PROBLEM:
Send back the line that contains "gpt: medium_residential" and all lines following it through the end of the data below, exactly, omitting pictures.

PROVIDED DATA:
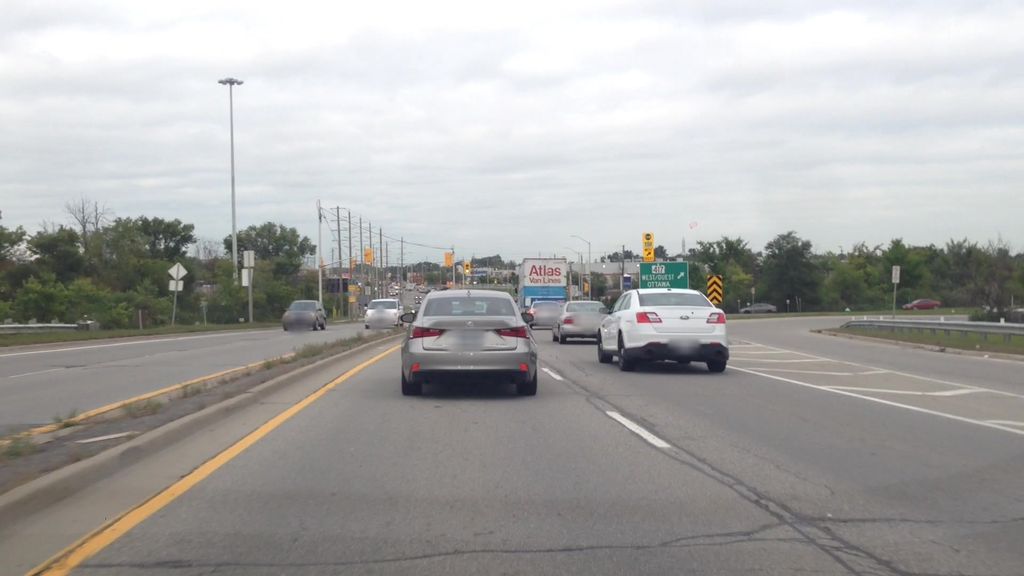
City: ottawa-gatineau
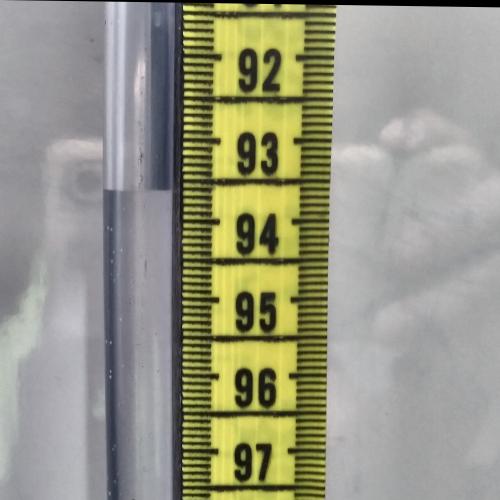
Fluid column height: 93.6 cm
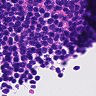
Metastatic tissue present: no
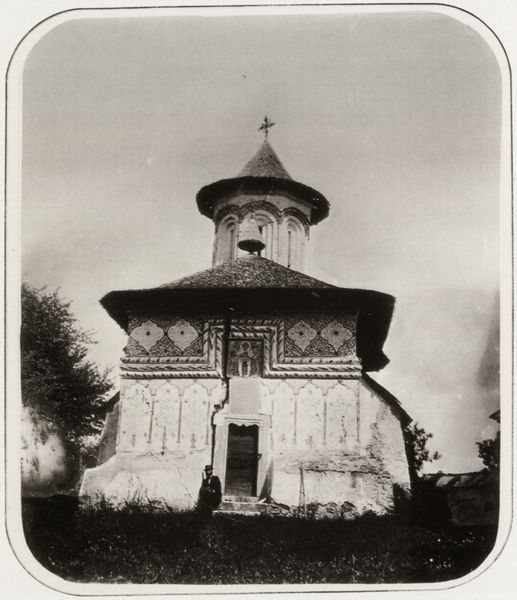
Titel: Die Dorfkirche Flaminda bei Campulung
Künstler: Carol Szathmari
Standort: Köln
Institution: Agfa Photo-Historama
Schlagwörter: baum, felsen, himmel, mann, weiß, wolken, bäume, landschaft, sitzen, fenster, grau, holz, hut, schmuck, schwarz, säulen, tür, dach, gebäude, gras, wiese, muster, ornament, alt, architektur, spitze, bild, büsche, kirche, figur, turm, bogen, man, russland, hang, mauer, ziegel, türe, rundbogen, kuppel, treppe, ornamente, stufe, stufen, tor, foto, fotografie, bögen, eingang, kirch, kreuz, türmchen, schwarzweiss, mosaik, portal, glocke, kapelle, tempel, pavillon, sakral, ikone, fot, mäander, russisch, zentralbau, kruez, kirhe, kappelle, osteuropa, orthodox, fotogrfie, monoton, gras#
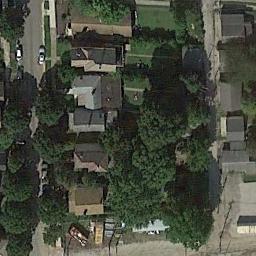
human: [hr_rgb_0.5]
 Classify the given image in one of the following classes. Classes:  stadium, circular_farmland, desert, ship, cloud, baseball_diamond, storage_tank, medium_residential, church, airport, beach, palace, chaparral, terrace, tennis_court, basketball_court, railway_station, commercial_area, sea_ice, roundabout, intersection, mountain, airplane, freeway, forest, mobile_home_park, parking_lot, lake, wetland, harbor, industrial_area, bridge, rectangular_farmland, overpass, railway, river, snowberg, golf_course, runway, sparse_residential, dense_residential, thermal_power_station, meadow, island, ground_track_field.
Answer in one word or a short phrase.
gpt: medium_residential
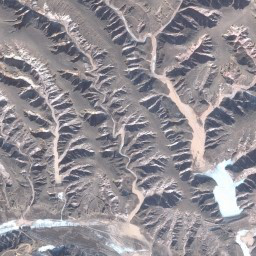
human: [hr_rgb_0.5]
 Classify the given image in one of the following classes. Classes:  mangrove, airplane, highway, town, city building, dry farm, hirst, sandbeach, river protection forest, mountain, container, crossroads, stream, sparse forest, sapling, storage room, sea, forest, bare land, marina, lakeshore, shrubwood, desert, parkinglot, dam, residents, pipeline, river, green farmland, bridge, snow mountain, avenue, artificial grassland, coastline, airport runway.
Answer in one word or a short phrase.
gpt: mountain
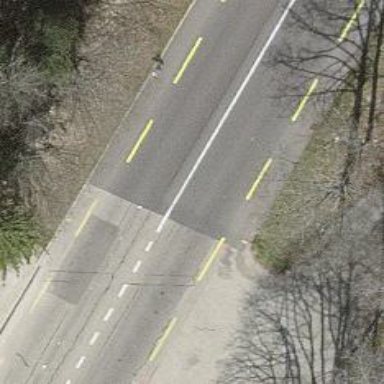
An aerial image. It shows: Primary highway with designated cycle lane.
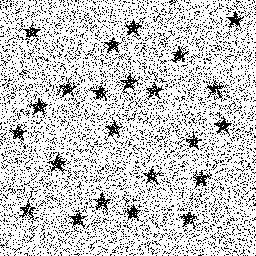
Squares: 0
Triangles: 0
Stars: 23
Total shapes: 23

ANSWER SECTION:
gpt: medium_residential
human: [hr_rgb_0.5]
 Classify the given image in one of the following classes. Classes:  mangrove, airplane, highway, town, city building, dry farm, hirst, sandbeach, river protection forest, mountain, container, crossroads, stream, sparse forest, sapling, storage room, sea, forest, bare land, marina, lakeshore, shrubwood, desert, parkinglot, dam, residents, pipeline, river, green farmland, bridge, snow mountain, avenue, artificial grassland, coastline, airport runway.
Answer in one word or a short phrase.
gpt: mountain
An aerial image. It shows: Primary highway with designated cycle lane.
Squares: 0
Triangles: 0
Stars: 23
Total shapes: 23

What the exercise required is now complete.